I discovered that if in the GridBean I have a setter, then I lose all my carefully configured HtmlGridPanel on the postback. If I get rid of the setter then it continues to show up on the post back which is good. However without the setter than it can't restore view so when I ask for that bean while processing the page in a different bean (via: application.getVariableResolver().resolveVariable(context, "GridBean")) then the gridBean that I get back has a null questions member, which is annoying since I then don't have a handle on what people actually put into my htmlInputFields. The solution to that is that you can valueBind the input fields when you dynamically create them to a hash in the gridBean object, which has a setter and a getter and thus gets set with the correct data in restore view and you can access it while processing the page. For example when I am configuring my HtmlGridPanel in code and making the HtmlInputText objects for it, I can do something like:

HtmlInputText input = (HtmlInputText)application.createComponent(HtmlInputText.COMPONENT_TYPE);
input.setId(QUESTION_PREFIX + questionNumber);
literalQuestions.add(input);
input.setValueBinding("value", // param to bind to
application.createValueBinding("#{GridBean.answers[" + questionNumber + "]}"));

and then when processing the request I get access to the gridBean object, which will have a HashMap<Long,String> answers member populated with the answers to the questions, keyed by questionNumber.

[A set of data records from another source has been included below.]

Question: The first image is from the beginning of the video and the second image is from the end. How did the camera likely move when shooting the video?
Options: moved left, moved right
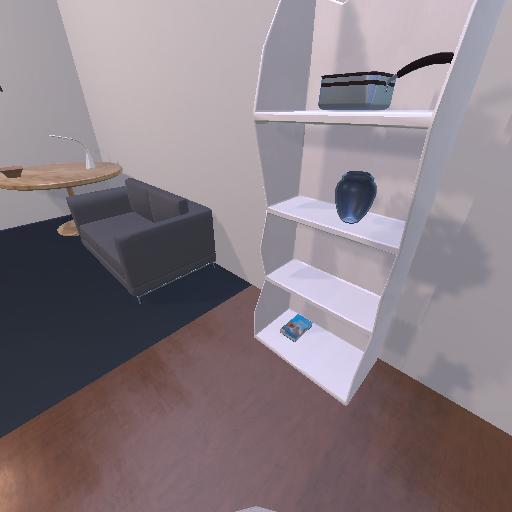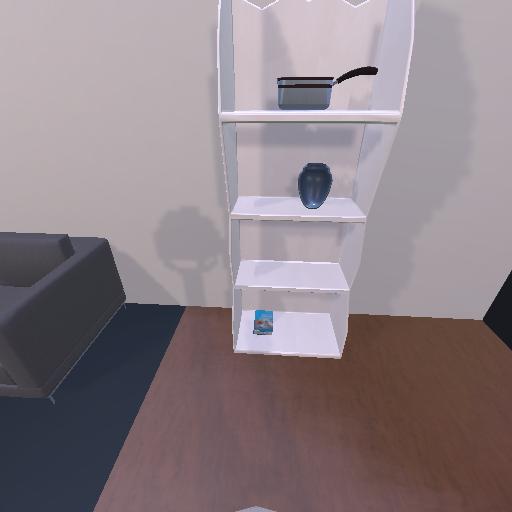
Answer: moved left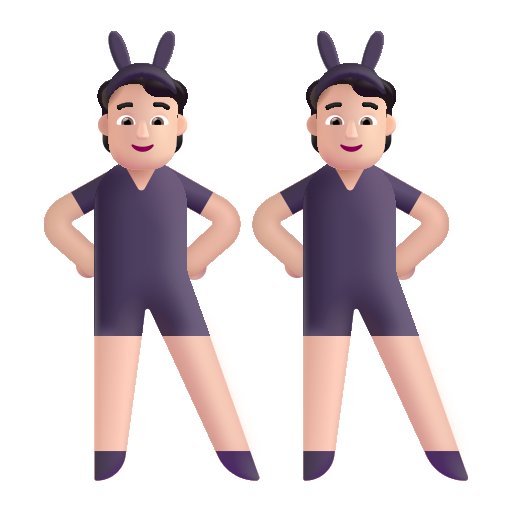
person with bunny ears color light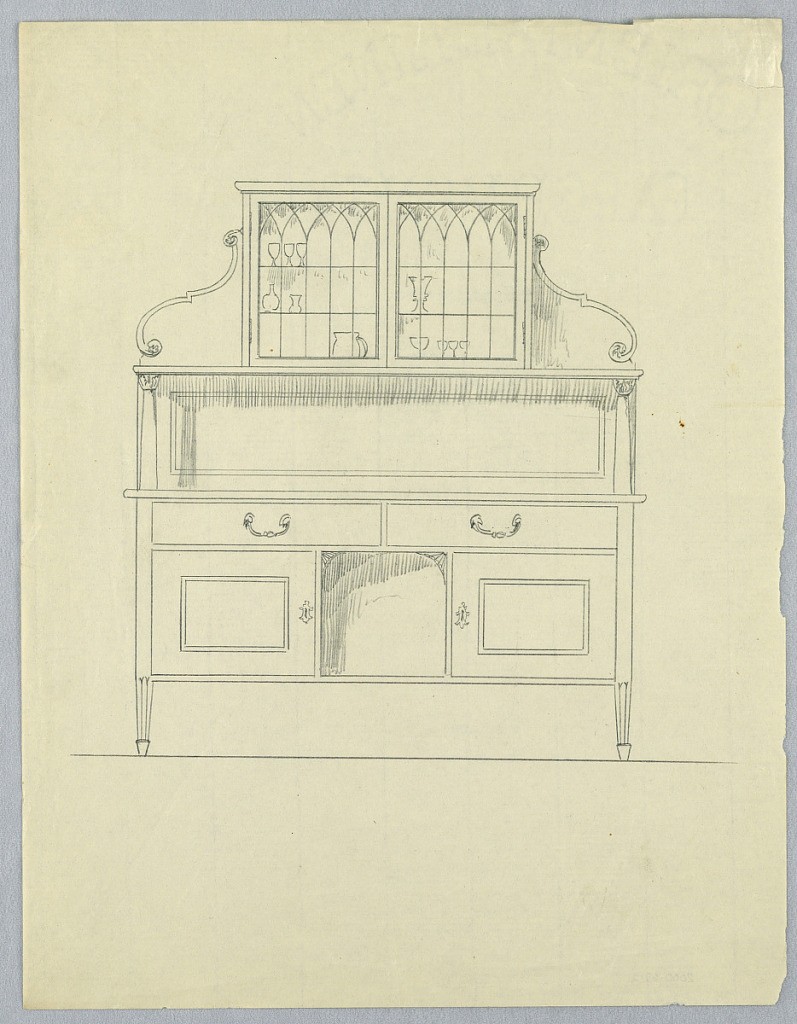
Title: Design for Sideboard with Glass Display case at Top
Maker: A.N. Davenport Co.
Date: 1900–05
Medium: Graphite on thin cream paper
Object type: Drawing
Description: Rectangular sideboard on short fluted tapering legs; tri-partite front  has open space at center surmounted by 2 drawers; glass display case atop flanked by side supports carved in scroll motifs.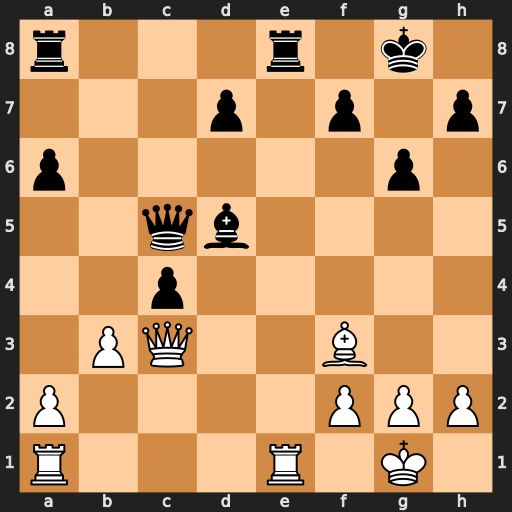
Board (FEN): r3r1k1/3p1p1p/p5p1/2qb4/2p5/1PQ2B2/P4PPP/R3R1K1
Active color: w
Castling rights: -
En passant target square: -
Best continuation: Re5 Rxe5 Qxe5 cxb3 axb3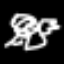
Label: angel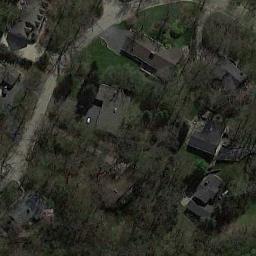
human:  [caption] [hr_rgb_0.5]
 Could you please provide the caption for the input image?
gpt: The houses in the medium - sized residential area are arranged irregularly .

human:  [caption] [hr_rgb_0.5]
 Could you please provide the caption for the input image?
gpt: The medium residential area has some houses and lots of trees on the grass and a road goes through the medium residential area .

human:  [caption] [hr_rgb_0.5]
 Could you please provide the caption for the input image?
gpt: There are many buildings of different shapes and sizes in medium residential area .

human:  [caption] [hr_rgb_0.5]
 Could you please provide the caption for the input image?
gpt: The medium residential is on the grass next to some trees and road .

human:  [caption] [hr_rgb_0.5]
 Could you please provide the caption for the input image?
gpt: There are some black buildings and withered trees on the medium residential area .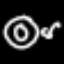
Label: donut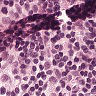
Metastatic tissue present: no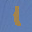
Label: 1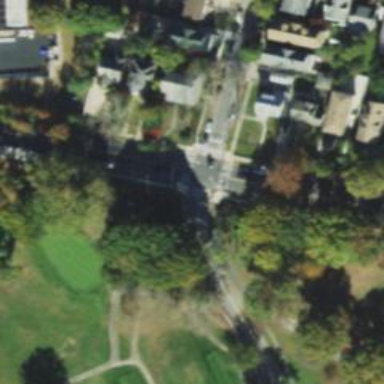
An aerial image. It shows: Pedestrian footway with zebra crossing.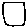
Label: square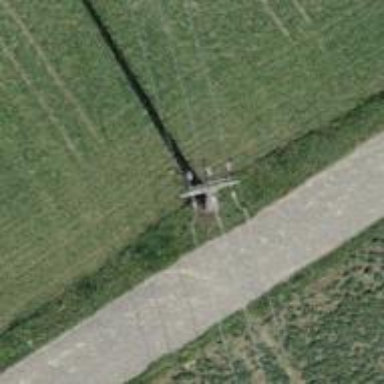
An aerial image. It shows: Minor power line.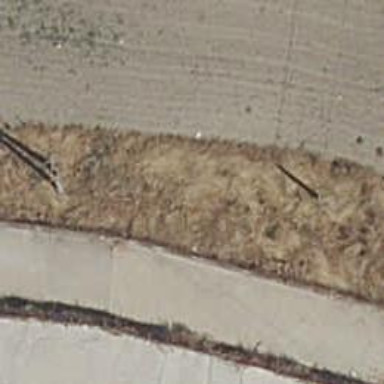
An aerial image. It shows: Embankment created as man-made structure.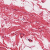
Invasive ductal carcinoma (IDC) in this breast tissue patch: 0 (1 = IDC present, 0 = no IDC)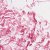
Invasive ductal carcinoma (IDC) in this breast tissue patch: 0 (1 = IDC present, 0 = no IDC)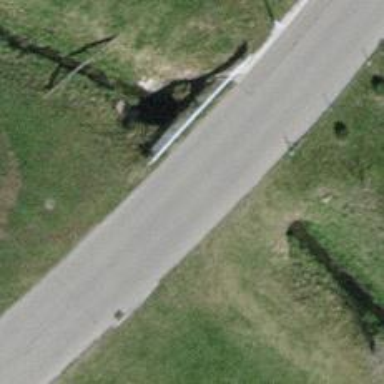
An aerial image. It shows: Unpaved unclassified road crossing paved bridge.
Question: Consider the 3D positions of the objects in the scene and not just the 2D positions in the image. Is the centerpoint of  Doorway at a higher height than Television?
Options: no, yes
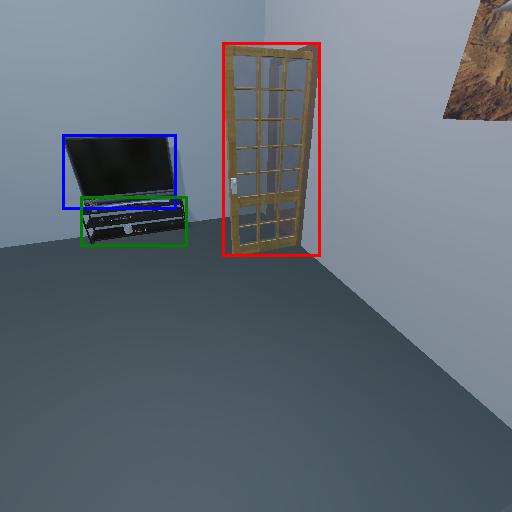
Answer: no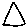
Label: triangle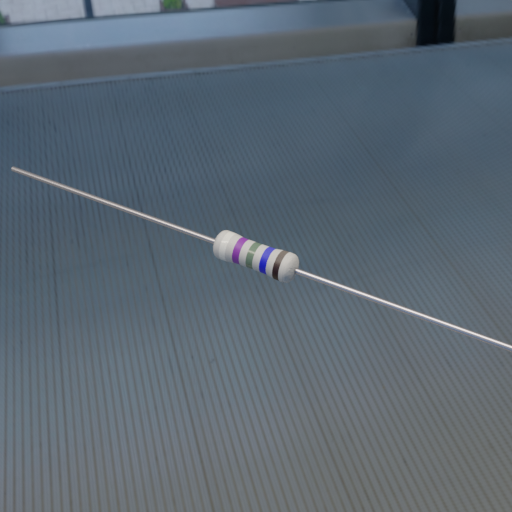
Resistor colour bands (in order): white, violet, gray, blue, black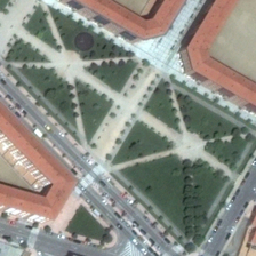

Big pain in the ass to figure out as a newbie to JSF (if not to java, heh) but hopefully this helps someone else.

--
As an aside I'm not real convinced that making people put up fake last names (since privacy on the web is an issue) is really the best solution for avoiding 'l33t' names. You could just exclude everything but alpha and not allow more than 2 of the same char in a row and things would probably look fairly reasonable. I suppose if you have a different goal than anti-leet then whatever, but it certainly seems like very odd requirement to this netizen.